NASA/ESA's Hubble Space Telescope has released a photo of GN-z11, the farthest galaxy ever caught by human technology, resting a massive 13.4 billion light-years away from the Earth. The galaxy is located in the same direction as the Ursa Major constellation and is still in its infancy. Prior to the finding, the farthest that scientists had ever seen into space was 13.2 billion light-years.

In order to determine the distance of GN-z11, the team measured its redshift, which is the degree that the galaxy's light is altered by the universe's expansion. Higher redshifts mean the galaxy is more distant and low redshifts mean the galaxy is closer. Prior to GN-z11's record-breaking 11.1 redshift, the highest was 8.68 from the galaxy EGSY8p7.

The team was able to capture such a distant galaxy thanks to the precision of Hubble's Wide Field Camera 3, allowing them to split the light from GN-z11 into its component colors.

GN-z11 existed just 400 million years after the Big Bang, which equates to around 13.3 billion years ago. Due to the long distances that light emitted from such a distant galaxy must travel, the image that we see captured by Hubble is actually what the galaxy looked like over 13 billion years ago.

"We've taken a major step back in time, beyond what we'd ever expected to be able to do with Hubble. We see GN-z11 at a time when the universe was only 3 percent of its current age," said Pascal Oesch of Yale University, who acted as principal investigator of the study.

The data collected from the study reveals that GN-z11 is fairly small - around 25 times smaller than the Milky Way - but is growing rapidly and creating stars approximately 20 times faster than our galaxy.

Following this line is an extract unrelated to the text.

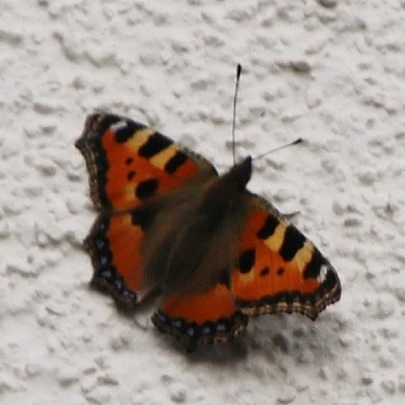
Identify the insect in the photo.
Aglais urticae
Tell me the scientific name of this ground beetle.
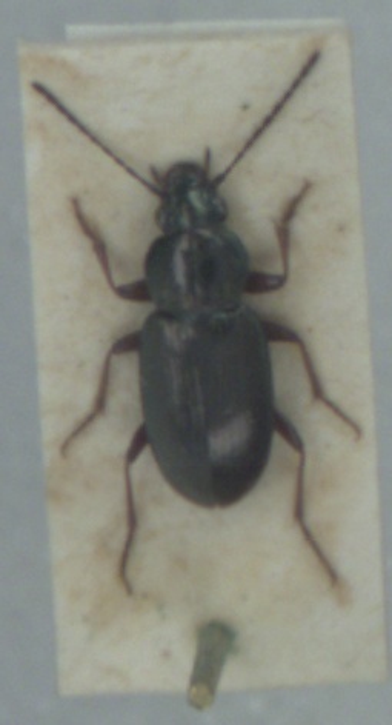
Pogonus chalceus

Not only is this increased rate of star formation the reason that we can see GN-z11, it also points to the rapid growth potential of the universe's early galaxies.

"It's amazing that a galaxy so massive existed only 200 million to 300 million years after the very first stars started to form," said Garth Illingworth of the University of California, Santa Cruz. It takes really fast growth, producing stars at a huge rate, to have formed a galaxy that is a billion solar masses so soon."